Print the lines exactly. Start at the first line of the material below, end with the line that contains "#42682=ORIENTED_EDGE('',*,*,#49085,.T.);", and skip all pictures.

— TASK MATERIAL —

***

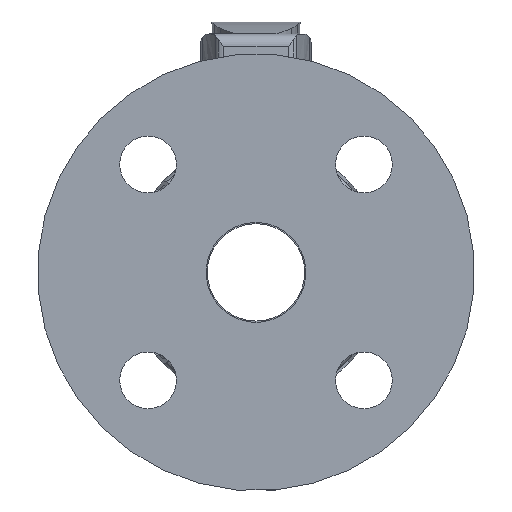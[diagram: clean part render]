
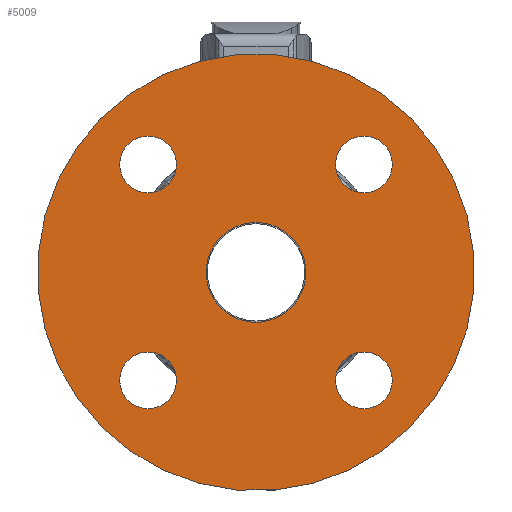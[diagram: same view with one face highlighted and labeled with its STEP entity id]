
A CAD part, left-side view. The second image highlights one B-rep face of the part: STEP entity #5009.
In plain terms, the highlighted planar face has unit normal (-1, 0, 0).
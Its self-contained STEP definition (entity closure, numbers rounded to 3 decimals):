
#5009=ADVANCED_FACE('',(#10080,#10081,#10082,#10083,#10084,#10085),#10086,.T.);
#10080=FACE_BOUND('',#28125,.T.);
#10081=FACE_BOUND('',#28126,.T.);
#10082=FACE_BOUND('',#28127,.T.);
#10083=FACE_BOUND('',#28128,.T.);
#10084=FACE_OUTER_BOUND('',#28129,.T.);
#10085=FACE_BOUND('',#28130,.T.);
#10086=PLANE('',#28131);
#28125=EDGE_LOOP('',(#42682,#42683));
#28126=EDGE_LOOP('',(#42684,#42685));
#28127=EDGE_LOOP('',(#42686,#42687));
#28128=EDGE_LOOP('',(#42688,#42689));
#28129=EDGE_LOOP('',(#42690,#42691));
#28130=EDGE_LOOP('',(#42692,#42693));
#28131=AXIS2_PLACEMENT_3D('',#42694,#42695,#42696);
#42682=ORIENTED_EDGE('',*,*,#49085,.T.);
#42683=ORIENTED_EDGE('',*,*,#49072,.T.);
#42684=ORIENTED_EDGE('',*,*,#49088,.T.);
#42685=ORIENTED_EDGE('',*,*,#49067,.T.);
#42686=ORIENTED_EDGE('',*,*,#49091,.T.);
#42687=ORIENTED_EDGE('',*,*,#49062,.T.);
#42688=ORIENTED_EDGE('',*,*,#49094,.T.);
#42689=ORIENTED_EDGE('',*,*,#49057,.T.);
#42690=ORIENTED_EDGE('',*,*,#49047,.T.);
#42691=ORIENTED_EDGE('',*,*,#49101,.T.);
#42692=ORIENTED_EDGE('',*,*,#49040,.F.);
#42693=ORIENTED_EDGE('',*,*,#49103,.F.);
#42694=CARTESIAN_POINT('',(452.577,180.197,11.632));
#42695=DIRECTION('',(-1.0,0.,0.0));
#42696=DIRECTION('',(0.,0.707,0.707));
#49040=EDGE_CURVE('',#57693,#57696,#57697,.T.);
#49047=EDGE_CURVE('',#57703,#57707,#57709,.T.);
#49057=EDGE_CURVE('',#57721,#57725,#57727,.T.);
#49062=EDGE_CURVE('',#57730,#57734,#57736,.T.);
#49067=EDGE_CURVE('',#57739,#57743,#57745,.T.);
#49072=EDGE_CURVE('',#57748,#57752,#57754,.T.);
#49085=EDGE_CURVE('',#57752,#57748,#57772,.T.);
#49088=EDGE_CURVE('',#57743,#57739,#57775,.T.);
#49091=EDGE_CURVE('',#57734,#57730,#57778,.T.);
#49094=EDGE_CURVE('',#57725,#57721,#57781,.T.);
#49101=EDGE_CURVE('',#57707,#57703,#57788,.T.);
#49103=EDGE_CURVE('',#57696,#57693,#57790,.T.);
#57693=VERTEX_POINT('',#76856);
#57696=VERTEX_POINT('',#76860);
#57697=CIRCLE('',#76861,16.45);
#57703=VERTEX_POINT('',#76868);
#57707=VERTEX_POINT('',#76873);
#57709=CIRCLE('',#76876,72.0);
#57721=VERTEX_POINT('',#76890);
#57725=VERTEX_POINT('',#76895);
#57727=CIRCLE('',#76898,9.35);
#57730=VERTEX_POINT('',#76901);
#57734=VERTEX_POINT('',#76906);
#57736=CIRCLE('',#76909,9.35);
#57739=VERTEX_POINT('',#76912);
#57743=VERTEX_POINT('',#76917);
#57745=CIRCLE('',#76920,9.35);
#57748=VERTEX_POINT('',#76923);
#57752=VERTEX_POINT('',#76928);
#57754=CIRCLE('',#76931,9.35);
#57772=CIRCLE('',#76951,9.35);
#57775=CIRCLE('',#76954,9.35);
#57778=CIRCLE('',#76957,9.35);
#57781=CIRCLE('',#76960,9.35);
#57788=CIRCLE('',#76967,72.0);
#57790=CIRCLE('',#76969,16.45);
#76856=CARTESIAN_POINT('',(452.577,180.197,11.632));
#76860=CARTESIAN_POINT('',(452.577,203.461,-11.632));
#76861=AXIS2_PLACEMENT_3D('',#85885,#85886,#85887);
#76868=CARTESIAN_POINT('',(452.577,140.918,50.912));
#76873=CARTESIAN_POINT('',(452.577,242.741,-50.912));
#76876=AXIS2_PLACEMENT_3D('',#85897,#85898,#85899);
#76890=CARTESIAN_POINT('',(452.577,149.65,-42.179));
#76895=CARTESIAN_POINT('',(452.577,162.873,-28.956));
#76898=AXIS2_PLACEMENT_3D('',#85913,#85914,#85915);
#76901=CARTESIAN_POINT('',(452.577,149.65,42.179));
#76906=CARTESIAN_POINT('',(452.577,162.873,28.956));
#76909=AXIS2_PLACEMENT_3D('',#85921,#85922,#85923);
#76912=CARTESIAN_POINT('',(452.577,234.008,42.179));
#76917=CARTESIAN_POINT('',(452.577,220.785,28.956));
#76920=AXIS2_PLACEMENT_3D('',#85929,#85930,#85931);
#76923=CARTESIAN_POINT('',(452.577,234.008,-42.179));
#76928=CARTESIAN_POINT('',(452.577,220.785,-28.956));
#76931=AXIS2_PLACEMENT_3D('',#85937,#85938,#85939);
#76951=AXIS2_PLACEMENT_3D('',#85960,#85961,#85962);
#76954=AXIS2_PLACEMENT_3D('',#85966,#85967,#85968);
#76957=AXIS2_PLACEMENT_3D('',#85972,#85973,#85974);
#76960=AXIS2_PLACEMENT_3D('',#85978,#85979,#85980);
#76967=AXIS2_PLACEMENT_3D('',#85990,#85991,#85992);
#76969=AXIS2_PLACEMENT_3D('',#85993,#85994,#85995);
#85885=CARTESIAN_POINT('',(452.577,191.829,0.0));
#85886=DIRECTION('',(-1.0,0.,0.0));
#85887=DIRECTION('',(0.,0.707,0.707));
#85897=CARTESIAN_POINT('',(452.577,191.829,0.0));
#85898=DIRECTION('',(-1.0,0.,0.0));
#85899=DIRECTION('',(0.,0.707,0.707));
#85913=CARTESIAN_POINT('',(452.577,156.262,-35.567));
#85914=DIRECTION('',(1.0,0.,0.0));
#85915=DIRECTION('',(0.,-0.707,-0.707));
#85921=CARTESIAN_POINT('',(452.577,156.262,35.567));
#85922=DIRECTION('',(1.0,0.,0.0));
#85923=DIRECTION('',(0.,-0.707,0.707));
#85929=CARTESIAN_POINT('',(452.577,227.397,35.567));
#85930=DIRECTION('',(1.0,0.,0.0));
#85931=DIRECTION('',(0.,0.707,0.707));
#85937=CARTESIAN_POINT('',(452.577,227.397,-35.567));
#85938=DIRECTION('',(1.0,0.,0.0));
#85939=DIRECTION('',(0.,0.707,-0.707));
#85960=CARTESIAN_POINT('',(452.577,227.397,-35.567));
#85961=DIRECTION('',(1.0,0.,0.0));
#85962=DIRECTION('',(0.,0.707,-0.707));
#85966=CARTESIAN_POINT('',(452.577,227.397,35.567));
#85967=DIRECTION('',(1.0,0.,0.0));
#85968=DIRECTION('',(0.,0.707,0.707));
#85972=CARTESIAN_POINT('',(452.577,156.262,35.567));
#85973=DIRECTION('',(1.0,0.,0.0));
#85974=DIRECTION('',(0.,-0.707,0.707));
#85978=CARTESIAN_POINT('',(452.577,156.262,-35.567));
#85979=DIRECTION('',(1.0,0.,0.0));
#85980=DIRECTION('',(0.,-0.707,-0.707));
#85990=CARTESIAN_POINT('',(452.577,191.829,0.0));
#85991=DIRECTION('',(-1.0,0.,0.0));
#85992=DIRECTION('',(0.,0.707,0.707));
#85993=CARTESIAN_POINT('',(452.577,191.829,0.0));
#85994=DIRECTION('',(-1.0,0.,0.0));
#85995=DIRECTION('',(0.,0.707,0.707));

***

— SOLUTION TO THE PROBLEM —
[diagram: clean part render]
[diagram: same view with one face highlighted and labeled with its STEP entity id]
A CAD part, left-side view. The second image highlights one B-rep face of the part: STEP entity #5009.
In plain terms, the highlighted planar face has unit normal (-1, 0, 0).
Its self-contained STEP definition (entity closure, numbers rounded to 3 decimals):
#5009=ADVANCED_FACE('',(#10080,#10081,#10082,#10083,#10084,#10085),#10086,.T.);
#10080=FACE_BOUND('',#28125,.T.);
#10081=FACE_BOUND('',#28126,.T.);
#10082=FACE_BOUND('',#28127,.T.);
#10083=FACE_BOUND('',#28128,.T.);
#10084=FACE_OUTER_BOUND('',#28129,.T.);
#10085=FACE_BOUND('',#28130,.T.);
#10086=PLANE('',#28131);
#28125=EDGE_LOOP('',(#42682,#42683));
#28126=EDGE_LOOP('',(#42684,#42685));
#28127=EDGE_LOOP('',(#42686,#42687));
#28128=EDGE_LOOP('',(#42688,#42689));
#28129=EDGE_LOOP('',(#42690,#42691));
#28130=EDGE_LOOP('',(#42692,#42693));
#28131=AXIS2_PLACEMENT_3D('',#42694,#42695,#42696);
#42682=ORIENTED_EDGE('',*,*,#49085,.T.);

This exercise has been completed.